START Given entries
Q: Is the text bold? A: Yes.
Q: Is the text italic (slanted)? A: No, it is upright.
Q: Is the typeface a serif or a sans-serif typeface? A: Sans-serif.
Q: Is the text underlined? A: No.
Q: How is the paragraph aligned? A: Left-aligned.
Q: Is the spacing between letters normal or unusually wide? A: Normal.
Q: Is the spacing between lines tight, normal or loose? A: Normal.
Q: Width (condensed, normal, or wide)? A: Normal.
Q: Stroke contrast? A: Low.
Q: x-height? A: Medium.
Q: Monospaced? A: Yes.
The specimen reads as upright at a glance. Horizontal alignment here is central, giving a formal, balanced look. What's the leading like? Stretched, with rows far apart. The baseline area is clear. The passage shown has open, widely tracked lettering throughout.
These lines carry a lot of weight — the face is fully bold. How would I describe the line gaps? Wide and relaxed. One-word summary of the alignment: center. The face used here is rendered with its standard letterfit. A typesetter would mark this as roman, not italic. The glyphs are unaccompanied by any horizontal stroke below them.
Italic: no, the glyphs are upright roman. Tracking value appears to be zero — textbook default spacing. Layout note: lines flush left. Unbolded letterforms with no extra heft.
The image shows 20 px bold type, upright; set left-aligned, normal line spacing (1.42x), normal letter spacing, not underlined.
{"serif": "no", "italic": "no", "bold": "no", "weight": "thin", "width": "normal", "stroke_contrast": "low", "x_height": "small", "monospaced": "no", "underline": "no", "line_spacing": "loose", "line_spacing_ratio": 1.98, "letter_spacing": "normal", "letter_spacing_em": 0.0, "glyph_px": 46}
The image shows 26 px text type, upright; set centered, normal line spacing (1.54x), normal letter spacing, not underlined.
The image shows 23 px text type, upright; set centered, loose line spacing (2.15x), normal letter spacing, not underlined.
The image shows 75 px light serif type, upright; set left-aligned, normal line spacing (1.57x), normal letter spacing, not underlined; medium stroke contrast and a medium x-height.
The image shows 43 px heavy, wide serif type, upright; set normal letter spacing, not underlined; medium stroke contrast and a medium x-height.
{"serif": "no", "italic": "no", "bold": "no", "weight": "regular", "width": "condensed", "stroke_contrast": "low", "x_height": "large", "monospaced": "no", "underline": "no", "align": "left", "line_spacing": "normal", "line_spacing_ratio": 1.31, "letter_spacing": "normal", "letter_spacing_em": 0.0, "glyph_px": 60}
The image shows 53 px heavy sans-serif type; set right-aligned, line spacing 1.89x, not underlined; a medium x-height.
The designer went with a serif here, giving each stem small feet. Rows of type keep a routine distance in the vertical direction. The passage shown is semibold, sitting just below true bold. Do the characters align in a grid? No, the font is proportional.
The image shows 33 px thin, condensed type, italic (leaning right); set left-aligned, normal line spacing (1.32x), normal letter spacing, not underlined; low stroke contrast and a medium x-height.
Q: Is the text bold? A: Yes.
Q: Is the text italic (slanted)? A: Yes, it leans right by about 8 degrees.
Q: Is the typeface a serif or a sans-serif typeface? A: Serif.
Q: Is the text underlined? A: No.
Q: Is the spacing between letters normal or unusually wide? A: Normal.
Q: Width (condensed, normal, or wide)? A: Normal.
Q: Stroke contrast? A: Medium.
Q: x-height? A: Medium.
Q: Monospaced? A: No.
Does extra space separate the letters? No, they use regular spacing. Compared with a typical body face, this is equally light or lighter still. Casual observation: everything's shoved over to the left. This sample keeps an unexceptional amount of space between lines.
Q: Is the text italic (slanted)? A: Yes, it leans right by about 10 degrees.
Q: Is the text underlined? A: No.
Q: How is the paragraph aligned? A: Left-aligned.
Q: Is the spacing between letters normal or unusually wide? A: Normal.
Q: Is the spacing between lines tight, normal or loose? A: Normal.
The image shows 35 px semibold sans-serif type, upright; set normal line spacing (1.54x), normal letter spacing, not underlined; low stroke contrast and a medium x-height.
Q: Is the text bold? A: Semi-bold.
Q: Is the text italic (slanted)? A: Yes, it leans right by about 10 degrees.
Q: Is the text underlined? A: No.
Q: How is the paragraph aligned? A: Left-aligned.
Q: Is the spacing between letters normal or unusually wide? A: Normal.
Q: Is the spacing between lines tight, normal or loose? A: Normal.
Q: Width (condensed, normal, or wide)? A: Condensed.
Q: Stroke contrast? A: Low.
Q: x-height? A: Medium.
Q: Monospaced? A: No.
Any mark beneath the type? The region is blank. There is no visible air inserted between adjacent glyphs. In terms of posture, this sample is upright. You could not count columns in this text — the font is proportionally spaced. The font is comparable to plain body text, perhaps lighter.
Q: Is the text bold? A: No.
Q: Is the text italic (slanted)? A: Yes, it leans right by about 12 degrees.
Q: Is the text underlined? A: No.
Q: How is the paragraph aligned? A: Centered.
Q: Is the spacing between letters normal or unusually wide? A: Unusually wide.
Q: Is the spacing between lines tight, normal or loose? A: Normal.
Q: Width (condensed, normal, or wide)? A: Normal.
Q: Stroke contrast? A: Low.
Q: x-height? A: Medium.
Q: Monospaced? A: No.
END Given entries
● Exercise objective
Your task is to transcribe all of the entries word for word.

● Response area
Q: Is the text bold? A: Yes.
Q: Is the text italic (slanted)? A: No, it is upright.
Q: Is the typeface a serif or a sans-serif typeface? A: Sans-serif.
Q: Is the text underlined? A: No.
Q: How is the paragraph aligned? A: Left-aligned.
Q: Is the spacing between letters normal or unusually wide? A: Normal.
Q: Is the spacing between lines tight, normal or loose? A: Normal.
Q: Width (condensed, normal, or wide)? A: Normal.
Q: Stroke contrast? A: Low.
Q: x-height? A: Medium.
Q: Monospaced? A: Yes.
The specimen reads as upright at a glance. Horizontal alignment here is central, giving a formal, balanced look. What's the leading like? Stretched, with rows far apart. The baseline area is clear. The passage shown has open, widely tracked lettering throughout.
These lines carry a lot of weight — the face is fully bold. How would I describe the line gaps? Wide and relaxed. One-word summary of the alignment: center. The face used here is rendered with its standard letterfit. A typesetter would mark this as roman, not italic. The glyphs are unaccompanied by any horizontal stroke below them.
Italic: no, the glyphs are upright roman. Tracking value appears to be zero — textbook default spacing. Layout note: lines flush left. Unbolded letterforms with no extra heft.
The image shows 20 px bold type, upright; set left-aligned, normal line spacing (1.42x), normal letter spacing, not underlined.
{"serif": "no", "italic": "no", "bold": "no", "weight": "thin", "width": "normal", "stroke_contrast": "low", "x_height": "small", "monospaced": "no", "underline": "no", "line_spacing": "loose", "line_spacing_ratio": 1.98, "letter_spacing": "normal", "letter_spacing_em": 0.0, "glyph_px": 46}
The image shows 26 px text type, upright; set centered, normal line spacing (1.54x), normal letter spacing, not underlined.
The image shows 23 px text type, upright; set centered, loose line spacing (2.15x), normal letter spacing, not underlined.
The image shows 75 px light serif type, upright; set left-aligned, normal line spacing (1.57x), normal letter spacing, not underlined; medium stroke contrast and a medium x-height.
The image shows 43 px heavy, wide serif type, upright; set normal letter spacing, not underlined; medium stroke contrast and a medium x-height.
{"serif": "no", "italic": "no", "bold": "no", "weight": "regular", "width": "condensed", "stroke_contrast": "low", "x_height": "large", "monospaced": "no", "underline": "no", "align": "left", "line_spacing": "normal", "line_spacing_ratio": 1.31, "letter_spacing": "normal", "letter_spacing_em": 0.0, "glyph_px": 60}
The image shows 53 px heavy sans-serif type; set right-aligned, line spacing 1.89x, not underlined; a medium x-height.
The designer went with a serif here, giving each stem small feet. Rows of type keep a routine distance in the vertical direction. The passage shown is semibold, sitting just below true bold. Do the characters align in a grid? No, the font is proportional.
The image shows 33 px thin, condensed type, italic (leaning right); set left-aligned, normal line spacing (1.32x), normal letter spacing, not underlined; low stroke contrast and a medium x-height.
Q: Is the text bold? A: Yes.
Q: Is the text italic (slanted)? A: Yes, it leans right by about 8 degrees.
Q: Is the typeface a serif or a sans-serif typeface? A: Serif.
Q: Is the text underlined? A: No.
Q: Is the spacing between letters normal or unusually wide? A: Normal.
Q: Width (condensed, normal, or wide)? A: Normal.
Q: Stroke contrast? A: Medium.
Q: x-height? A: Medium.
Q: Monospaced? A: No.
Does extra space separate the letters? No, they use regular spacing. Compared with a typical body face, this is equally light or lighter still. Casual observation: everything's shoved over to the left. This sample keeps an unexceptional amount of space between lines.
Q: Is the text italic (slanted)? A: Yes, it leans right by about 10 degrees.
Q: Is the text underlined? A: No.
Q: How is the paragraph aligned? A: Left-aligned.
Q: Is the spacing between letters normal or unusually wide? A: Normal.
Q: Is the spacing between lines tight, normal or loose? A: Normal.
The image shows 35 px semibold sans-serif type, upright; set normal line spacing (1.54x), normal letter spacing, not underlined; low stroke contrast and a medium x-height.
Q: Is the text bold? A: Semi-bold.
Q: Is the text italic (slanted)? A: Yes, it leans right by about 10 degrees.
Q: Is the text underlined? A: No.
Q: How is the paragraph aligned? A: Left-aligned.
Q: Is the spacing between letters normal or unusually wide? A: Normal.
Q: Is the spacing between lines tight, normal or loose? A: Normal.
Q: Width (condensed, normal, or wide)? A: Condensed.
Q: Stroke contrast? A: Low.
Q: x-height? A: Medium.
Q: Monospaced? A: No.
Any mark beneath the type? The region is blank. There is no visible air inserted between adjacent glyphs. In terms of posture, this sample is upright. You could not count columns in this text — the font is proportionally spaced. The font is comparable to plain body text, perhaps lighter.
Q: Is the text bold? A: No.
Q: Is the text italic (slanted)? A: Yes, it leans right by about 12 degrees.
Q: Is the text underlined? A: No.
Q: How is the paragraph aligned? A: Centered.
Q: Is the spacing between letters normal or unusually wide? A: Unusually wide.
Q: Is the spacing between lines tight, normal or loose? A: Normal.
Q: Width (condensed, normal, or wide)? A: Normal.
Q: Stroke contrast? A: Low.
Q: x-height? A: Medium.
Q: Monospaced? A: No.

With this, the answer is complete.